2008 proved momentous for Georgia and SBG. Just as the company was ending its appearance at Edinburgh Festival, fighting broke out between Georgian and Russian forces in the disputed border areas between the two nations. It was only with the concerted efforts of Western European countries and the U.S. that Russia was prodded to withdraw its forces. With aplomb, SBG carried on its planned season, even managing the Jiri Kylian premiere in October.
Nina had earlier announced that 2009 would be her final season as a regular principal ballerina with American Ballet Theater---and so it was with hearts full of emotion that her New York fans gathered for each precious performance from May to June.
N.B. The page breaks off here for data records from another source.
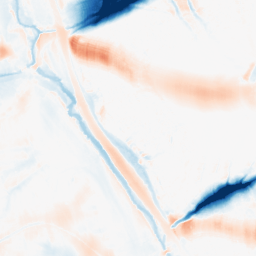
Category: morphological
Decomposition family: morphological_ellipse
Decomposition parameters: operation: average
width: 50
height: 30
Upsampling method: linear_exact
Upsampling parameters: scale: 2
Upsampling scale: 2
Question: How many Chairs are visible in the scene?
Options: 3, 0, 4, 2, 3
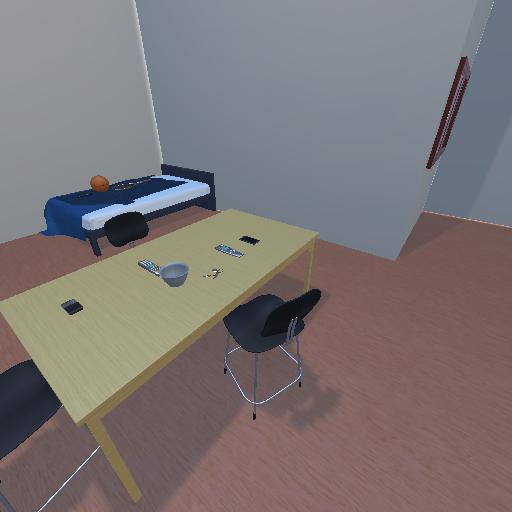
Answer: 3
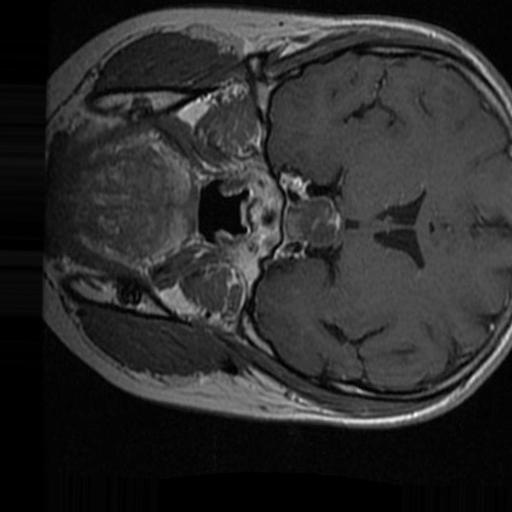
Label: brain_tumor
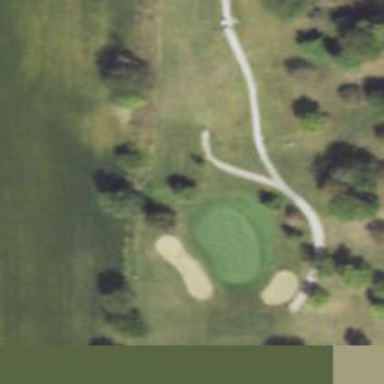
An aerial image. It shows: Service road designated as golf cart path.
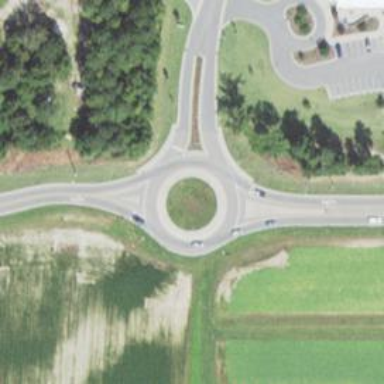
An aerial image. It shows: Roundabout at primary highway.
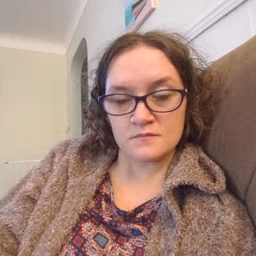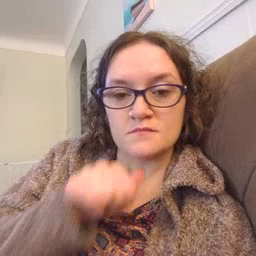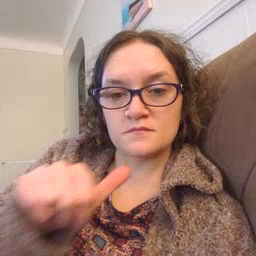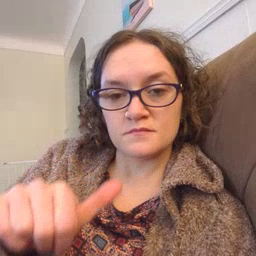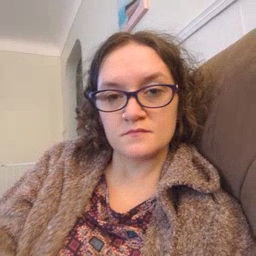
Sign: not
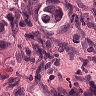
Metastatic tissue present: yes
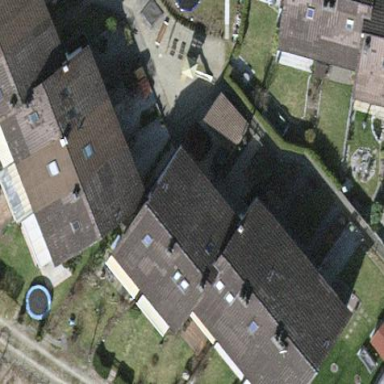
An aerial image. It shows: Terrace building with gabled roof oriented across.
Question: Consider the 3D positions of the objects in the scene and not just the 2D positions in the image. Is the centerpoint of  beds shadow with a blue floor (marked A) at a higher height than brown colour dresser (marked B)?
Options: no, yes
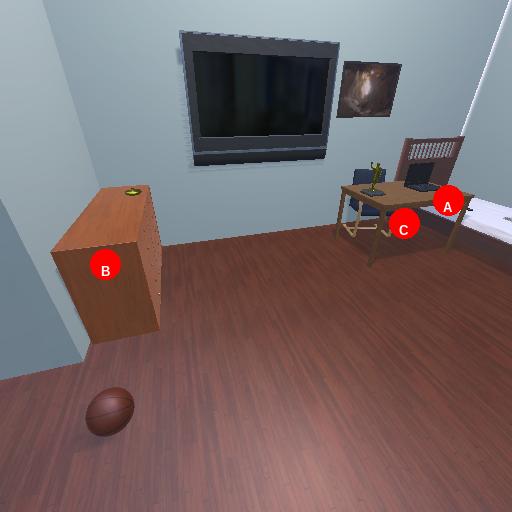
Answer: no
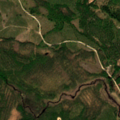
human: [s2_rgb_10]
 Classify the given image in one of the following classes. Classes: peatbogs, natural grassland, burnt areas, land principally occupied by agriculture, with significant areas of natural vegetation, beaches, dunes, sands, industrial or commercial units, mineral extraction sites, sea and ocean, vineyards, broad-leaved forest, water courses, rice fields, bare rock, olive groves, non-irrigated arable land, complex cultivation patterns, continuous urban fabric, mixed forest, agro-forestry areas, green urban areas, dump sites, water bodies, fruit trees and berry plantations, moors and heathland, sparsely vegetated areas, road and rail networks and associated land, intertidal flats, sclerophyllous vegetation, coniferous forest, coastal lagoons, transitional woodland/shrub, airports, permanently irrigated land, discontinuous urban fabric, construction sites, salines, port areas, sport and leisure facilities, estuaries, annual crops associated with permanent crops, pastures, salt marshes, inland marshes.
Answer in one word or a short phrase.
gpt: coniferous forest, mixed forest, transitional woodland/shrub
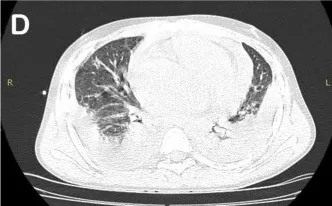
(D) Bilateral ground-glass opacities and consolidations associated with inflammation in both lungs.
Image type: radiology (ct)
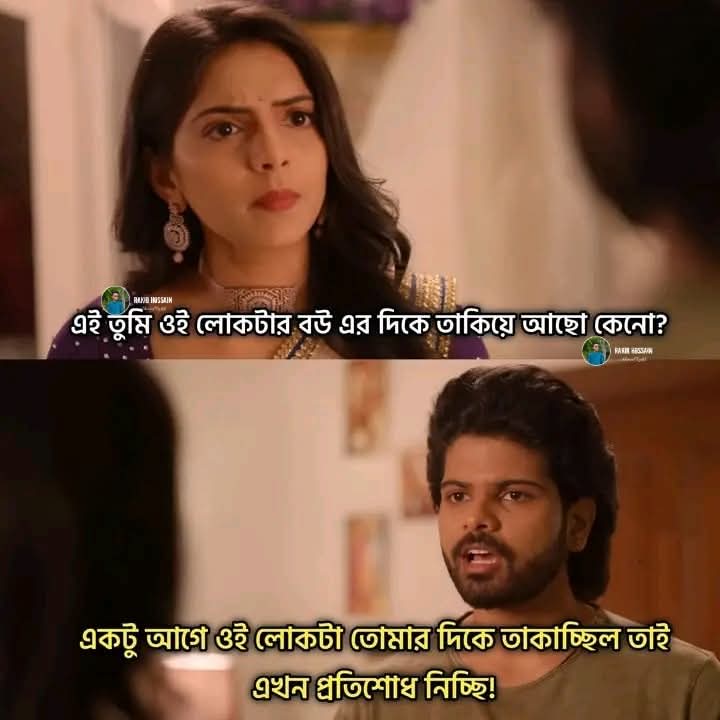
Text: এই তুমি ওই লোকটার বউ এর দিকে তাকিয়ে আছো কেনো?
একটু আগে ওই লোকটা তোমার দিকে তাকাচ্ছিল তাই এখন প্রতিশোধ নিচ্ছি!
Label: Non Hate
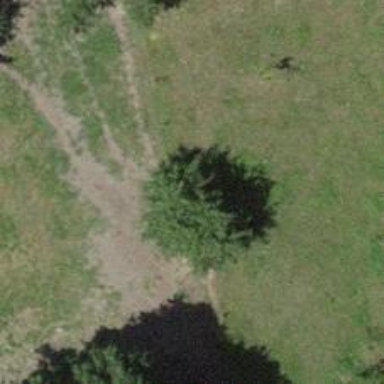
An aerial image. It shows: Beautiful tree in nature.
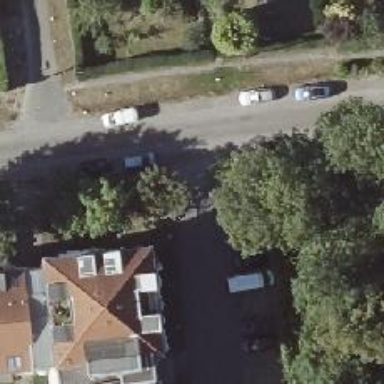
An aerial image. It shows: Living street.
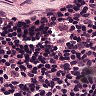
Metastatic tissue present: no
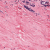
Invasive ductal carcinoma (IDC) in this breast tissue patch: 0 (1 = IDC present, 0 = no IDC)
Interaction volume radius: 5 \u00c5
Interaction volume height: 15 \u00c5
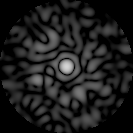
Disorder parameter: 0.8198
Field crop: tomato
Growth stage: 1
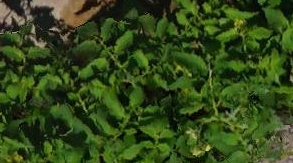
Species: tomato
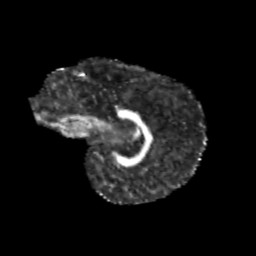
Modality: FA
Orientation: sagittal
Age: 12
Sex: male
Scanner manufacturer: siemens
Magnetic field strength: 3 T
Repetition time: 3.8 s
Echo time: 0.07 s
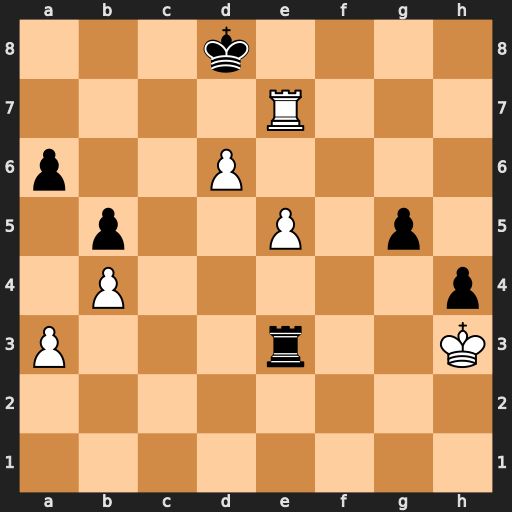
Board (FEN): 3k4/4R3/p2P4/1p2P1p1/1P5p/P3r2K/8/8
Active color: w
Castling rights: -
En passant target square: -
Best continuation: Kg4 h3 Kf5 h2 Rh7
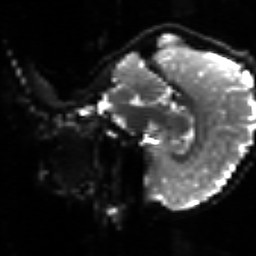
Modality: sbref
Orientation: sagittal
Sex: female
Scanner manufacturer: siemens
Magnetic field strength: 3 T
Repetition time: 5 s
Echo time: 0.071 s
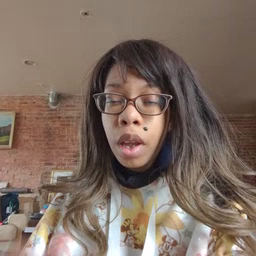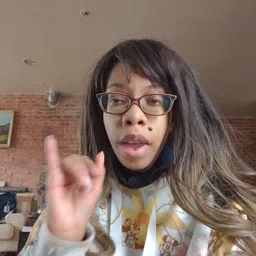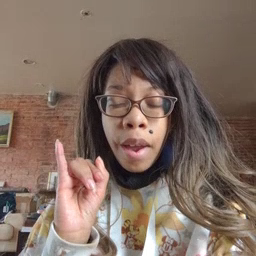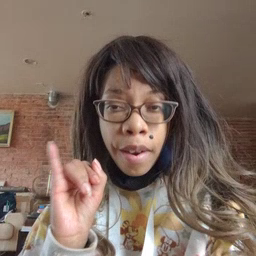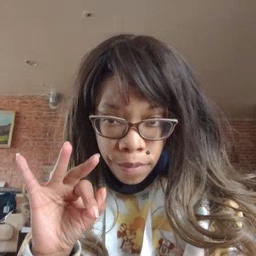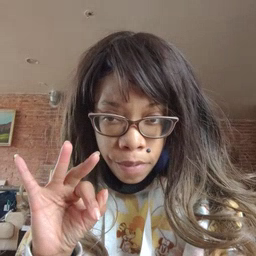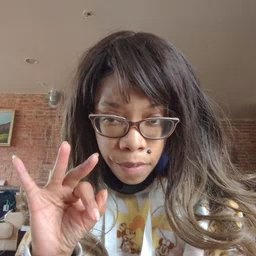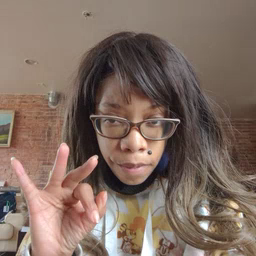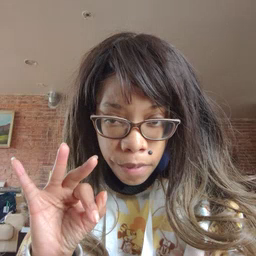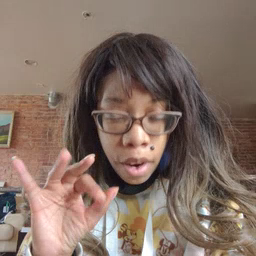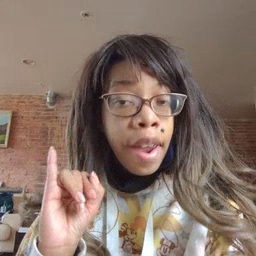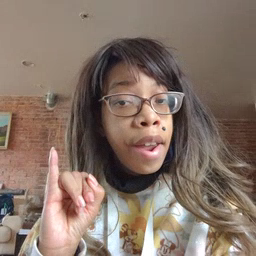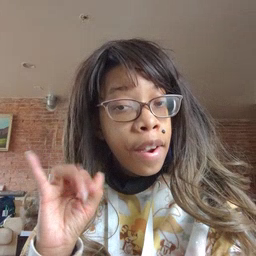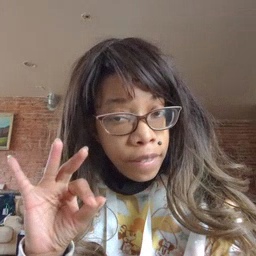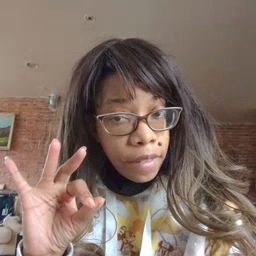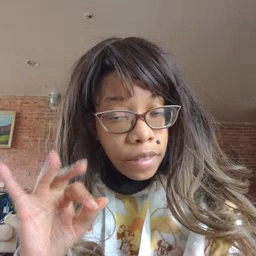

At the opening gala Ratmansky offered a “piece d’occasion” titled Waltz Masquerade, which had Nina’s ABT partners vying for her attention. Performances in Le Corsaire, Giselle, La Sylphide and Mozartiana preceded one final Swan Lake (June 27). See links to reviews, and Friends of Nina report. (Photos)


Of course, Nina isn’t hanging up her toe shoes just yet. At age 46, she can still out-dance many ballerinas half her age. But, she has her own exacting standards to live up to and she has wisely been shedding roles in recent years. The first to go was Marie (Clara) in The Nutcracker (See Photos)because she did not think she could continue to portray a pre-teenager convincingly. She has also performed her last complete Don Quixote (June 2008; See Photos)---although she will continue to dance the Grand Pas from that ever-in-demand warhorse.